Ticket 2472 - Badconstraints if contstraints are modified
Summary: Badconstraints if contstraints are modified
Status: RESOLVED FIXED
Alias: None
Product: Slurm
Classification: Unclassified
Component: slurmctld (show other tickets)
Version: 15.08.8
Hardware: Linux Linux
: --- 3 - Medium Impact
Assignee: Danny Auble
QA Contact:
URL:
: 2478 (view as ticket list)
Depends on:
Blocks:
 
Reported: 2016-02-22 22:02 MST by CSC sysadmins
Modified: 2016-02-24 07:19 MST (History)
1 user (show)

See Also:
Site: CSC - IT Center for Science
Alineos Sites: ---
Atos/Eviden Sites: ---
Confidential Site: ---
Coreweave sites: ---
Cray Sites: ---
DS9 clusters: ---
HPCnow Sites: ---
HPE Sites: ---
IBM Sites: ---
NOAA SIte: ---
OCF Sites: ---
Recursion Pharma Sites: ---
SFW Sites: ---
SNIC sites: ---
Linux Distro: ---
Machine Name:
CLE Version:
Version Fixed: 15.08.9 16.05.0-pre2
Target Release: ---
DevPrio: ---
Emory-Cloud Sites: ---


Attachments

Note You need to log in before you can comment on or make changes to this ticket.
Description CSC sysadmins 2016-02-22 22:02:19 MST
We have two kind of nodes, snb = 16 cores and hsw = 24 cores. After Slurm update from 14.11 to 15.08.8 (92ac0dcdbb78df968962acc5d006e1f3aeb6eb37) altering constraints will result a badcontraints state. Slurm sets NumNodes so that job can run only nodes which has 24 cores.

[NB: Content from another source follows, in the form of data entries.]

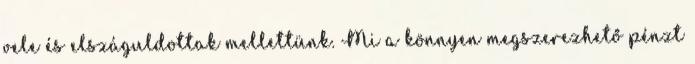
vele és elszáguldottak mellettünk. Mi a könnyen megszerezhető pénzt
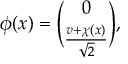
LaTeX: \phi ( x ) = { \binom { 0 } { \frac { v + \chi ( x ) } { \sqrt 2 } } } ,
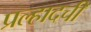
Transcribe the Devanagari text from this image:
प्रल्हादची
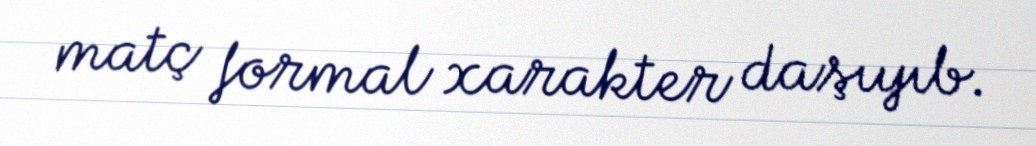
matç formal xarakter daşıyıb.
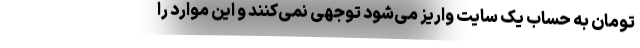
تومان به حساب یک سایت واریز می‌شود توجهی نمی‌کنند و این موارد را
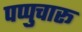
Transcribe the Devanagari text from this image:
पप्पुचारू
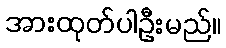
အားထုတ်ပါဦးမည်။
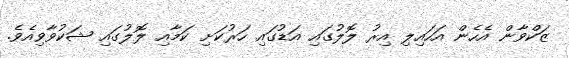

srun -C "hsw|snb" --mem-per-cpu=12000 -n 320 -p parallel --pty $SHELL

NumNodes=21 NumCPUs=320 CPUs/Task=1 ReqB:S:C:T=0:0:*:*                                                              TRES=cpu=320,mem=3840000,node=1                                                 Socks/Node=* NtasksPerN:B:S:C=0:0:*:* CoreSpec=*   


scontrol update JobId=8500942 Features=snb
scontrol show job 8500942

JobId=8500942 JobName=bash                                                                       JobState=PENDING Reason=BadConstraints Dependency=(null)                                                                          
   Requeue=1 Restarts=0 BatchFlag=0 Reboot=0 ExitCode=0:0
   DerivedExitCode=0:0
   RunTime=00:00:00 TimeLimit=00:05:00 TimeMin=N/A
   SubmitTime=2016-02-23T14:34:44 EligibleTime=2016-02-23T14:34:44
   StartTime=2016-02-23T14:35:15 EndTime=2016-02-23T14:35:15
   PreemptTime=None SuspendTime=None SecsPreSuspend=0
   Partition=parallel AllocNode:Sid=taito-login3:59995
   ReqNodeList=(null) ExcNodeList=(null)
   NodeList=(null) SchedNodeList=c[609-615,620-624,627-635,637-638]
   NumNodes=21 NumCPUs=320 CPUs/Task=1 ReqB:S:C:T=0:0:*:*
   TRES=cpu=320,mem=3840000,node=1
   Socks/Node=* NtasksPerN:B:S:C=0:0:*:* CoreSpec=*
   MinCPUsNode=320 MinMemoryCPU=12000M MinTmpDiskNode=0
   Features=snb Gres=(null) Reservation=(null)
   Shared=OK Contiguous=0 Licenses=(null) Network=(null)
   Command=/bin/bash
   WorkDir=/homeappl/home/ttervo
   Power= SICP=0
Comment 1 Tim Wickberg 2016-02-24 05:19:01 MST
*** Ticket 2478 has been marked as a duplicate of this ticket. ***
Comment 2 Tim Wickberg 2016-02-24 05:32:20 MST
We're working on this, it's a regression in Slurm 15.08.6 and later that has shown up on a few different bugs this week.

Any update for a job without a -N (nodes) count set incorrectly results in  MinCPUsNode=(total-number-of-cpus). In your example below it was set to 320, and I assume you don't have any nodes with that many CPUs available.
Comment 3 Danny Auble 2016-02-24 07:19:17 MST
They Tommi, this is fixed in commits bd9fa8300b1 and de28c13a159d.  Please reopen if they don't fix the problem for you.